We are still having issues and such hallucinations. Any update? Does Google knows that issues?
@khantseithu @edengby were you guys using it with Vertex Ai?
No. Only gemini live api. It keeps answering his own questions also.
Answering it's own questions might be a problem of not having proper noice cancellation, can you try using it with headphones and check if you see the same issue occurs?
AgentSession( llm=google.beta.realtime.RealtimeModel(model="gemini-2.0-flash-exp", voice="Charon",temperature=0.0, top_k=1), turn_detection=EnglishModel(), min_endpointing_delay=0.7, max_endpointing_delay=2.0, vad=silero.VAD.load(activation_threshold=0.7), )
This is how we defined the agent.
while starting the agent session using "agent_session.start" you can specify the room_input_options to have noice cancellation on. Can you try that?
this should be fixed in #2247
could anyone provides a repro for this? i'd be happy to confirm
@davidzhao I'm sorry it's private repo. I cannot. I can provide you any configuration or logs that are needed. It should be fixed at 1.0.20?
@edengby you don't have to share the repo. but please share the agent config as well as steps we could follow to reproduce
Hi Team, I started an issue on google-genai too, I suspect that this is a model problem from google genai itself. Just to have parallel lookup - have opened an issue.
@edengby @Denin-Siby @BhavaniMallapragada can also share some infos/repro steps in the issue.
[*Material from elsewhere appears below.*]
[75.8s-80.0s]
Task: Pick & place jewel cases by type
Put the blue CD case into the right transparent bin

https://github.com/googleapis/python-genai/issues/789
cc: @davidzhao
session = AgentSession(
llm=google.beta.realtime.RealtimeModel(model="gemini-2.0-flash-exp", voice="Charon",temperature=0.0, top_k=1),
turn_detection=EnglishModel(),
min_endpointing_delay=0.7,
max_endpointing_delay=2.0,
vad=silero.VAD.load(activation_threshold=0.7),
)
room_input = RoomInputOptions()
room_output = RoomOutputOptions(transcription_enabled=True)
await session.start(
agent=VirtualRealtimeAgent(),
room=ctx.room,
room_input_options=room_input,
room_output_options=room_output,
)
That's our configuration.
Now, almost every interaction with him I got these hallucinations and answering is own questions.
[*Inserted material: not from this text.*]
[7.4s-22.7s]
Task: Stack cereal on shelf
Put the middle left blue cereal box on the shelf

this is likely model behavior due to temperature=0.0, top_k=1. can you try to reproduce without those flags?
Worked for me! Thanks. Still having the other issues:
- From time to time he is saying dot instead of the "." or reading the function that needs to be run.
- The tone changes, it sounds unnatural, it really damage the experience. Sometimes high pitch then next word is low.
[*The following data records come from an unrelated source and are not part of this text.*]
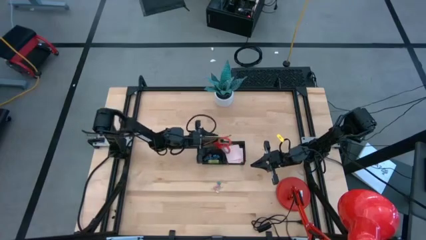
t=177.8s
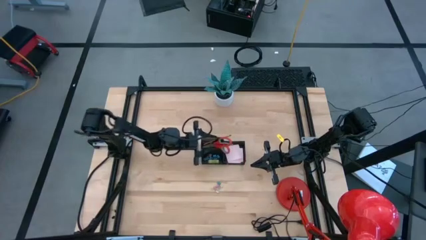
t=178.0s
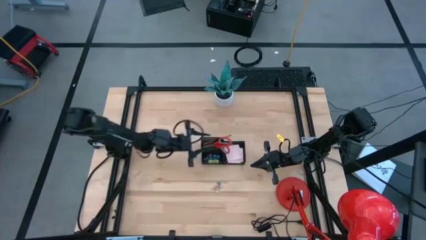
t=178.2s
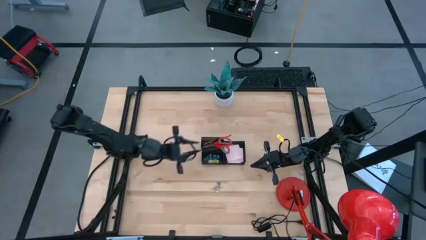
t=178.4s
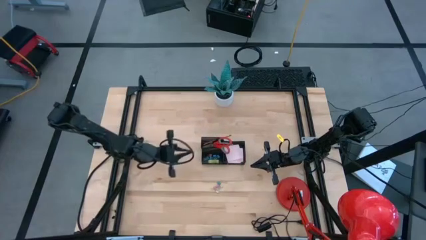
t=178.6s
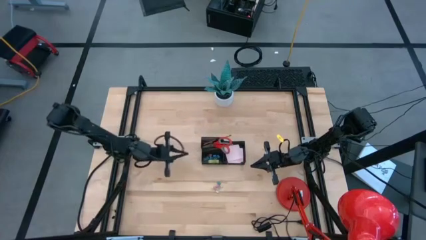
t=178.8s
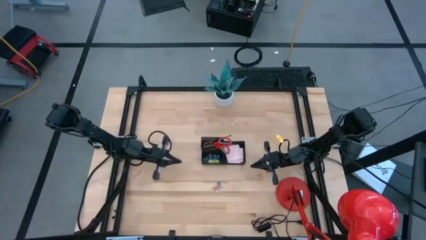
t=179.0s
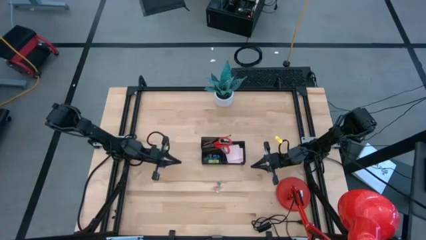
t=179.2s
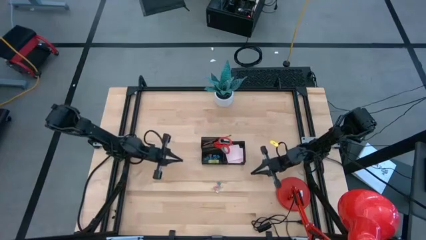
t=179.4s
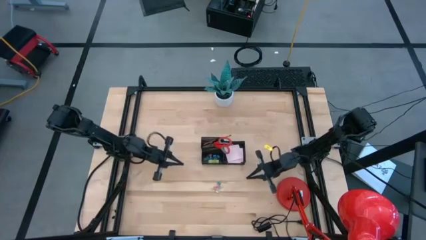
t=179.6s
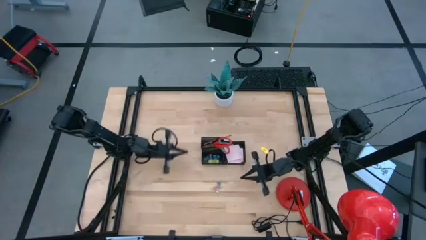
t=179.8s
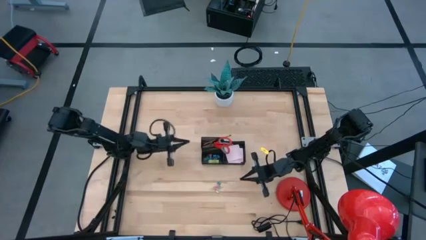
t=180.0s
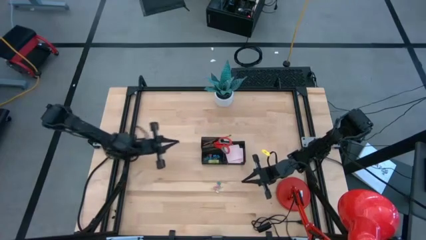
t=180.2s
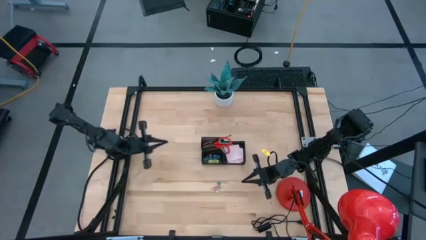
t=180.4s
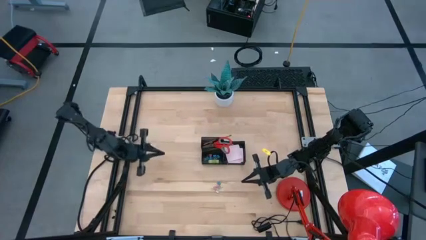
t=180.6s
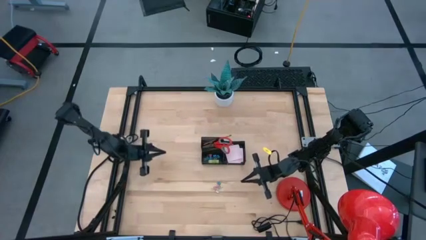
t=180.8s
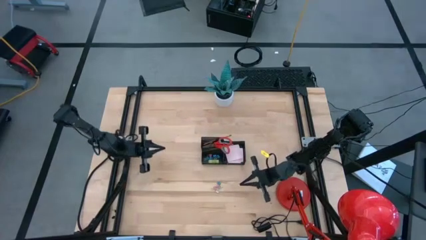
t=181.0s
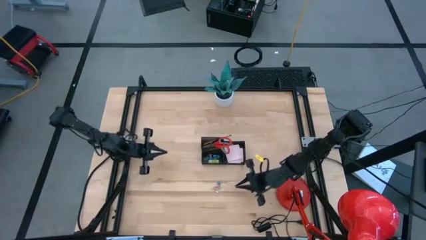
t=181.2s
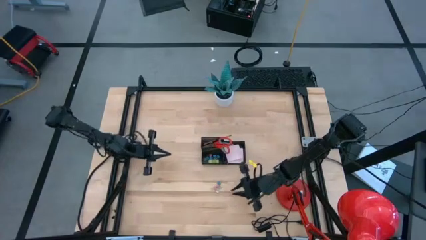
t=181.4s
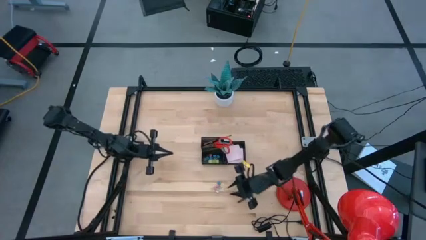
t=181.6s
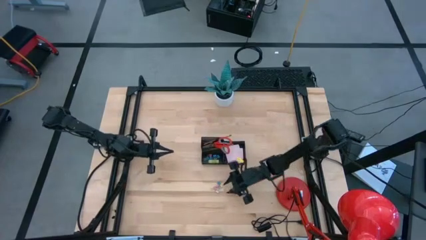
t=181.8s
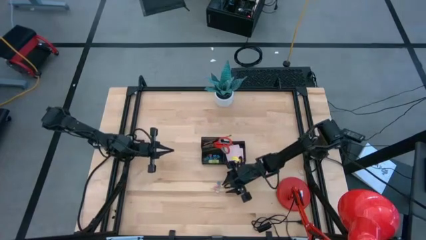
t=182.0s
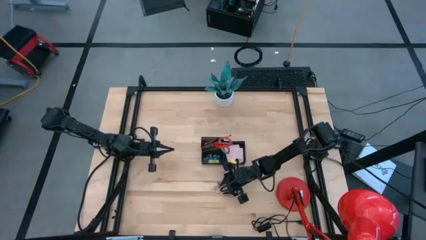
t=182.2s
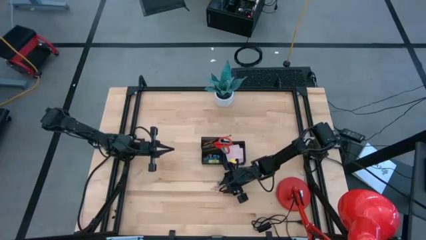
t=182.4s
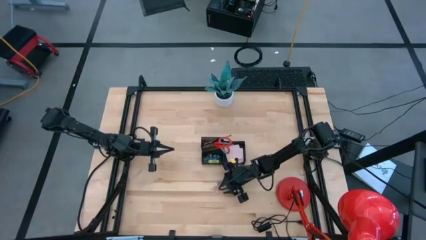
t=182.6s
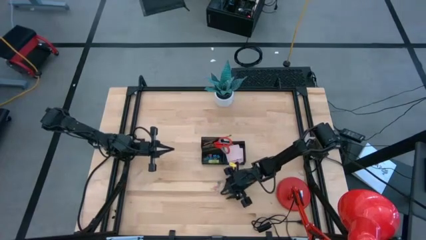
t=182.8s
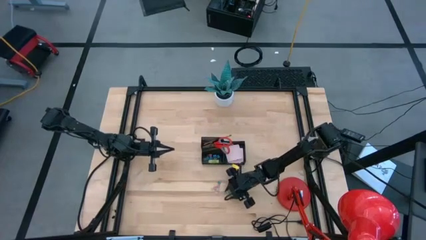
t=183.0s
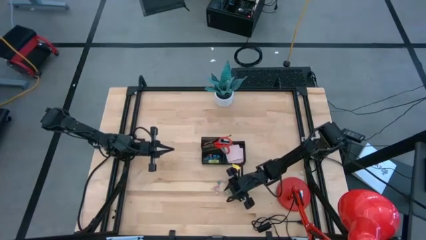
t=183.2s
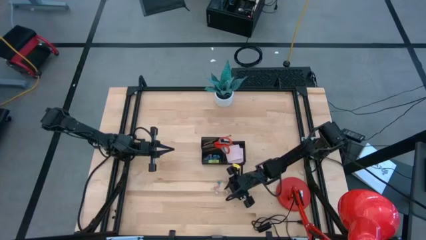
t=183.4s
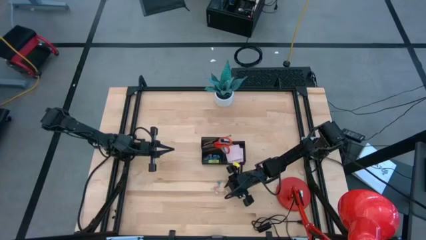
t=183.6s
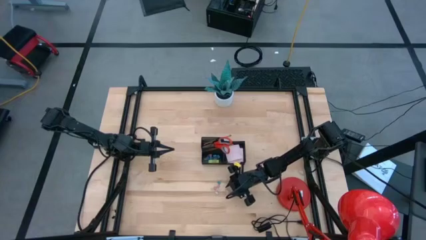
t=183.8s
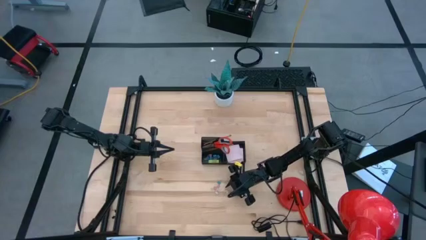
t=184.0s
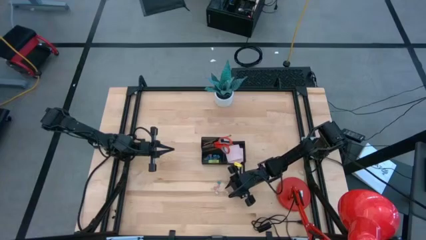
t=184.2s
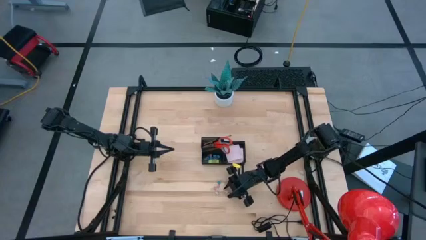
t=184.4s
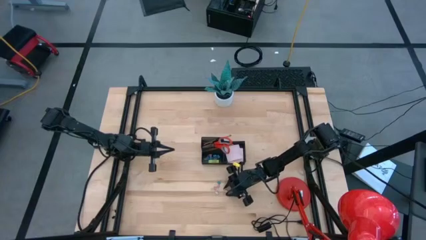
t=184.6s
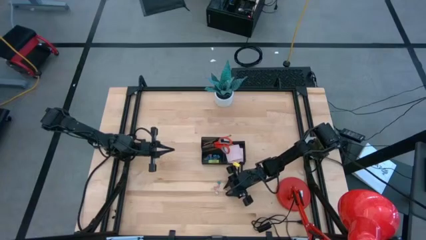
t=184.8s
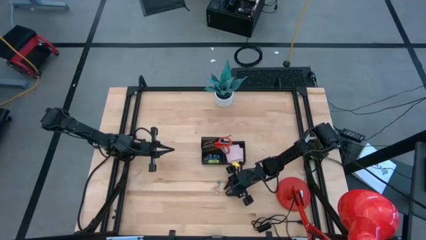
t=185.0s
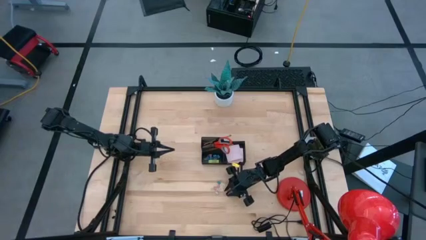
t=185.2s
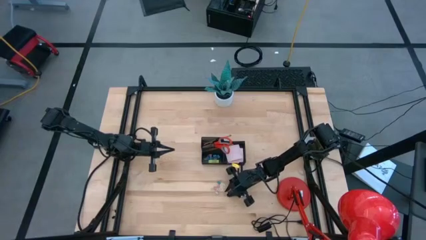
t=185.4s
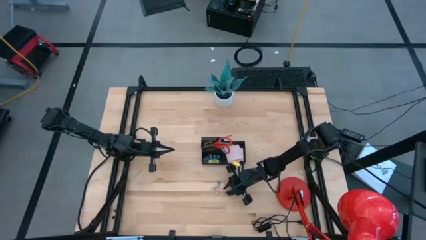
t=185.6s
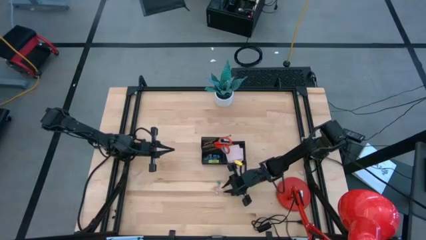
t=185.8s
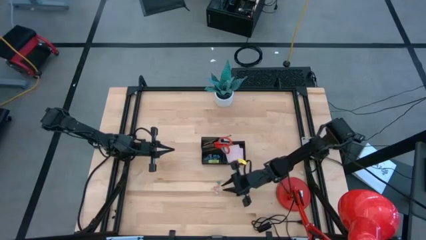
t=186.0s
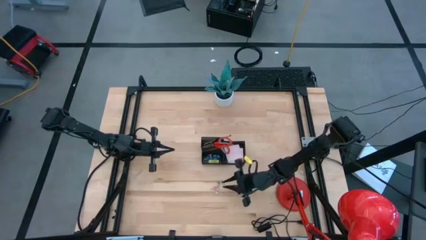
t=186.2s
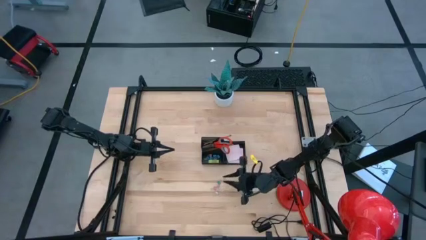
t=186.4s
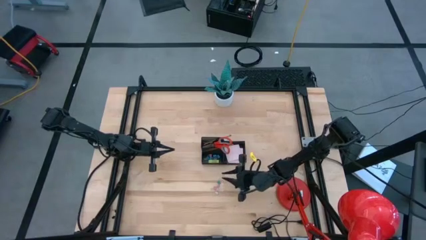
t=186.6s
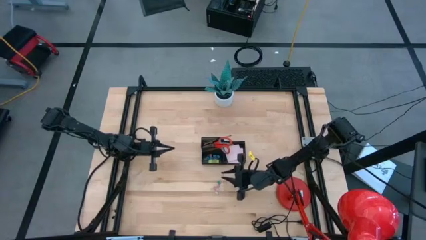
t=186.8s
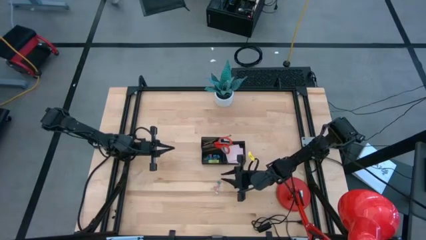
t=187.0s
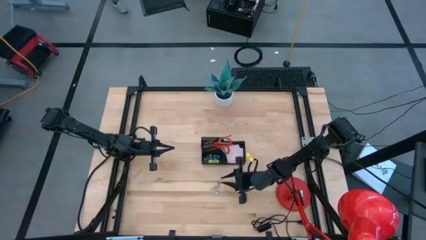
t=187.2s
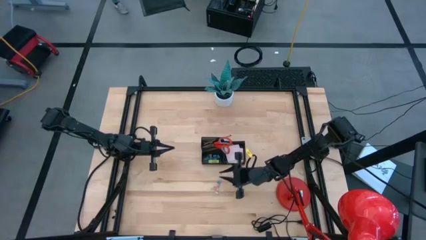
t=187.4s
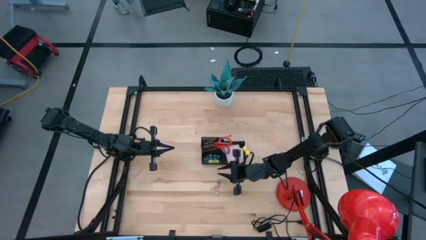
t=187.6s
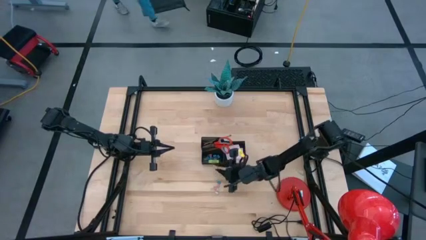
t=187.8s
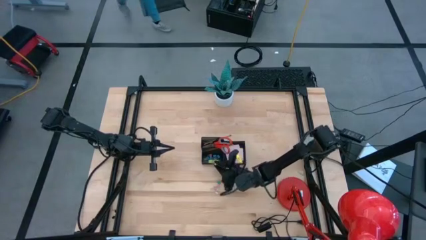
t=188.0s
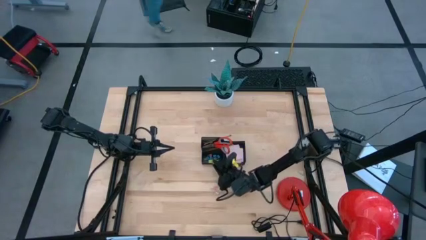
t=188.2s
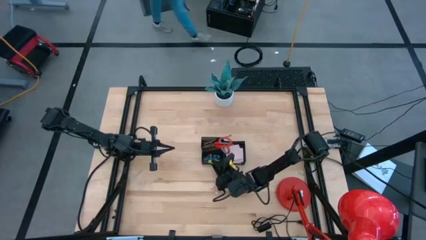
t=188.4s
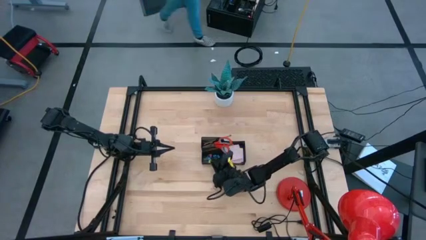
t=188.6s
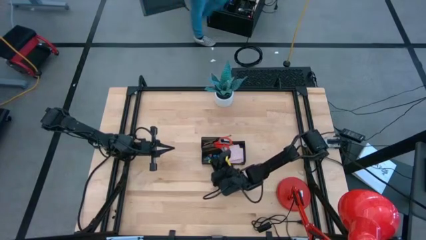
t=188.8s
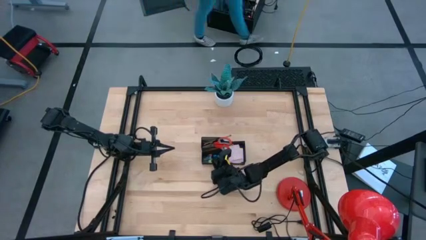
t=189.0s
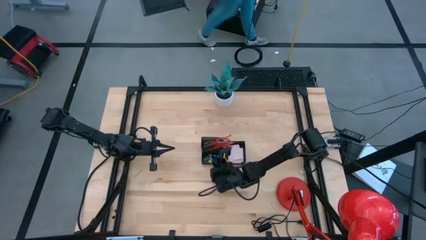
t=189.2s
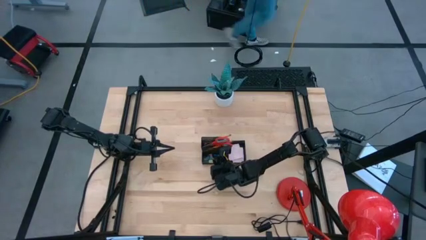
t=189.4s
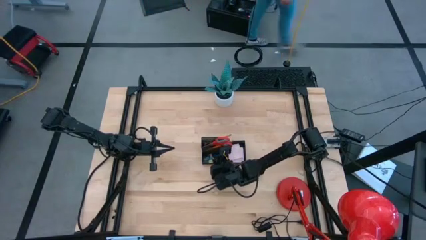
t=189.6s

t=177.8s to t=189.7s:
Task: Pick and place office supplies into organizer
Put the yellow binder clip into the desk organizer

reading the function seems like a model issue.
can you reproduce where it says "dot"? we'd be glad to take a look.
I was able to reproduce all these issues easily (illustrations, answering his (own) questions): https://github.com/edengby/livekit-google-agent-bugs/
I used Livekit UI and Python agent boilerplates: https://github.com/livekit-examples/voice-pipeline-agent-python https://github.com/livekit-examples/voice-assistant-frontend
On models gemini-1.5-flash and gemini-2.5-flash.
Gemini live api saying "dot", after a few minutes of conversation
https://github.com/livekit/agents/issues/2570#issuecomment-3015039647
We are using gemini-2.5 flash live with the livekit project and the conversation is not stable,sometimes it is working as per the question database , sometimes it is asking random questions , how can we fix this?the behavious is not as expected.
You can try tuning the temperature and top_k of the LLM. If still happens try same on google aistudio with the same configs. If you couldn't replicate on Aistudio, please share how you're providing questions to llm and configs you've set.
Thanks, will try this
since this is a model issue, closing the issue here.